═════ DATA FOR THIS EXERCISE ═════

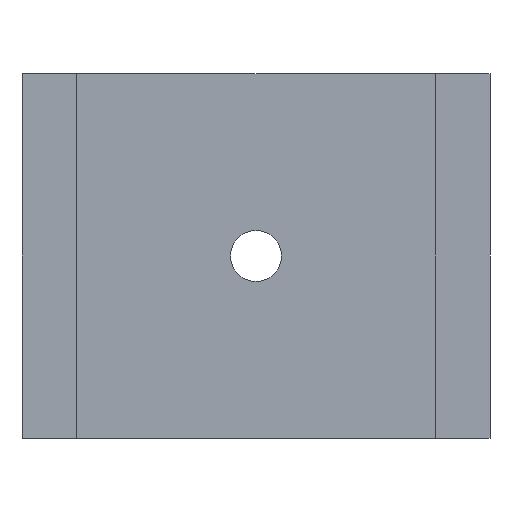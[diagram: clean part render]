
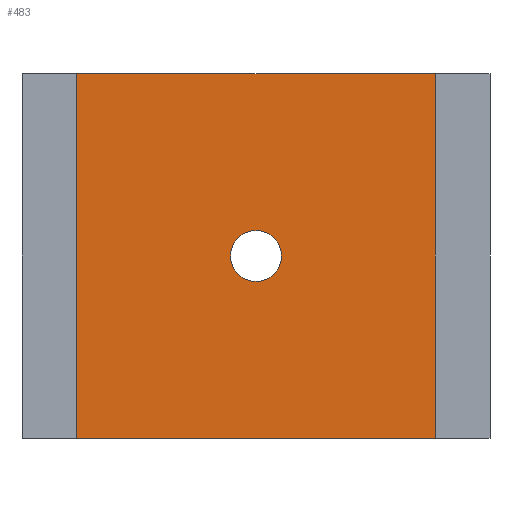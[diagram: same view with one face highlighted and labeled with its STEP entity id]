
A CAD part, front view. The second image highlights one B-rep face of the part: STEP entity #483.
In plain terms, the highlighted planar face has unit normal (0, -1, 0).
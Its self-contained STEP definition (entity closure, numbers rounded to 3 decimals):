
#35 = DIRECTION ( 'NONE',  ( 0., 0., 1. ) ) ;
#44 = CARTESIAN_POINT ( 'NONE',  ( 14.75, 0., 15. ) ) ;
#48 = VERTEX_POINT ( 'NONE', #622 ) ;
#60 = VERTEX_POINT ( 'NONE', #570 ) ;
#72 = CARTESIAN_POINT ( 'NONE',  ( 0., 0., 0. ) ) ;
#82 = ORIENTED_EDGE ( 'NONE', *, *, #96, .F. ) ;
#96 = EDGE_CURVE ( 'NONE', #166, #446, #261, .T. ) ;
#116 = VECTOR ( 'NONE', #590, 1000. ) ;
#123 = DIRECTION ( 'NONE',  ( 0., 1., 0. ) ) ;
#135 = LINE ( 'NONE', #298, #646 ) ;
#140 = AXIS2_PLACEMENT_3D ( 'NONE', #698, #684, #647 ) ;
#166 = VERTEX_POINT ( 'NONE', #596 ) ;
#173 = ORIENTED_EDGE ( 'NONE', *, *, #367, .T. ) ;
#174 = AXIS2_PLACEMENT_3D ( 'NONE', #72, #123, #511 ) ;
#194 = VERTEX_POINT ( 'NONE', #44 ) ;
#196 = AXIS2_PLACEMENT_3D ( 'NONE', #692, #487, #433 ) ;
#261 = LINE ( 'NONE', #644, #371 ) ;
#264 = VECTOR ( 'NONE', #270, 1000. ) ;
#270 = DIRECTION ( 'NONE',  ( 0., 0., -1. ) ) ;
#287 = CARTESIAN_POINT ( 'NONE',  ( -14.75, 0., 15. ) ) ;
#298 = CARTESIAN_POINT ( 'NONE',  ( 14.75, 0., -15. ) ) ;
#304 = LINE ( 'NONE', #372, #116 ) ;
#366 = EDGE_LOOP ( 'NONE', ( #82, #682, #461, #449 ) ) ;
#367 = EDGE_CURVE ( 'NONE', #48, #60, #520, .T. ) ;
#368 = PLANE ( 'NONE',  #140 ) ;
#371 = VECTOR ( 'NONE', #35, 1000. ) ;
#372 = CARTESIAN_POINT ( 'NONE',  ( 14.75, 0., 15. ) ) ;
#389 = EDGE_CURVE ( 'NONE', #532, #166, #135, .T. ) ;
#392 = CARTESIAN_POINT ( 'NONE',  ( 14.75, 0., 15. ) ) ;
#397 = ORIENTED_EDGE ( 'NONE', *, *, #541, .T. ) ;
#427 = FACE_OUTER_BOUND ( 'NONE', #366, .T. ) ;
#433 = DIRECTION ( 'NONE',  ( 0., 0., 1. ) ) ;
#446 = VERTEX_POINT ( 'NONE', #287 ) ;
#449 = ORIENTED_EDGE ( 'NONE', *, *, #462, .F. ) ;
#458 = EDGE_LOOP ( 'NONE', ( #397, #173 ) ) ;
#461 = ORIENTED_EDGE ( 'NONE', *, *, #608, .F. ) ;
#462 = EDGE_CURVE ( 'NONE', #446, #194, #304, .T. ) ;
#473 = FACE_BOUND ( 'NONE', #458, .T. ) ;
#482 = CARTESIAN_POINT ( 'NONE',  ( 14.75, 0., -15. ) ) ;
#483 = ADVANCED_FACE ( 'NONE', ( #473, #427 ), #368, .F. ) ;
#487 = DIRECTION ( 'NONE',  ( 0., 1., 0. ) ) ;
#511 = DIRECTION ( 'NONE',  ( 0., 0., 1. ) ) ;
#518 = DIRECTION ( 'NONE',  ( -1., 0., 0. ) ) ;
#520 = CIRCLE ( 'NONE', #174, 2.1 ) ;
#532 = VERTEX_POINT ( 'NONE', #482 ) ;
#541 = EDGE_CURVE ( 'NONE', #60, #48, #634, .T. ) ;
#570 = CARTESIAN_POINT ( 'NONE',  ( 0., 0., 2.1 ) ) ;
#590 = DIRECTION ( 'NONE',  ( 1., 0., 0. ) ) ;
#596 = CARTESIAN_POINT ( 'NONE',  ( -14.75, 0., -15. ) ) ;
#608 = EDGE_CURVE ( 'NONE', #194, #532, #655, .T. ) ;
#622 = CARTESIAN_POINT ( 'NONE',  ( 0., 0., -2.1 ) ) ;
#634 = CIRCLE ( 'NONE', #196, 2.1 ) ;
#644 = CARTESIAN_POINT ( 'NONE',  ( -14.75, 0., 15. ) ) ;
#646 = VECTOR ( 'NONE', #518, 1000. ) ;
#647 = DIRECTION ( 'NONE',  ( 0., 0., 1. ) ) ;
#655 = LINE ( 'NONE', #392, #264 ) ;
#682 = ORIENTED_EDGE ( 'NONE', *, *, #389, .F. ) ;
#684 = DIRECTION ( 'NONE',  ( 0., 1., 0. ) ) ;
#692 = CARTESIAN_POINT ( 'NONE',  ( 0., 0., 0. ) ) ;
#698 = CARTESIAN_POINT ( 'NONE',  ( 0., 0., 0. ) ) ;

═════

** ACTION ITEM **
Give back precisely the lines above that start at the line containing "In plain terms, the" and end at the line containing "#48 = VERTEX_POINT ( 'NONE', #622 ) ;", inclusive. No other lines belong in the output.

** WRITTEN SOLUTION **
In plain terms, the highlighted planar face has unit normal (0, -1, 0).
Its self-contained STEP definition (entity closure, numbers rounded to 3 decimals):
#35 = DIRECTION ( 'NONE',  ( 0., 0., 1. ) ) ;
#44 = CARTESIAN_POINT ( 'NONE',  ( 14.75, 0., 15. ) ) ;
#48 = VERTEX_POINT ( 'NONE', #622 ) ;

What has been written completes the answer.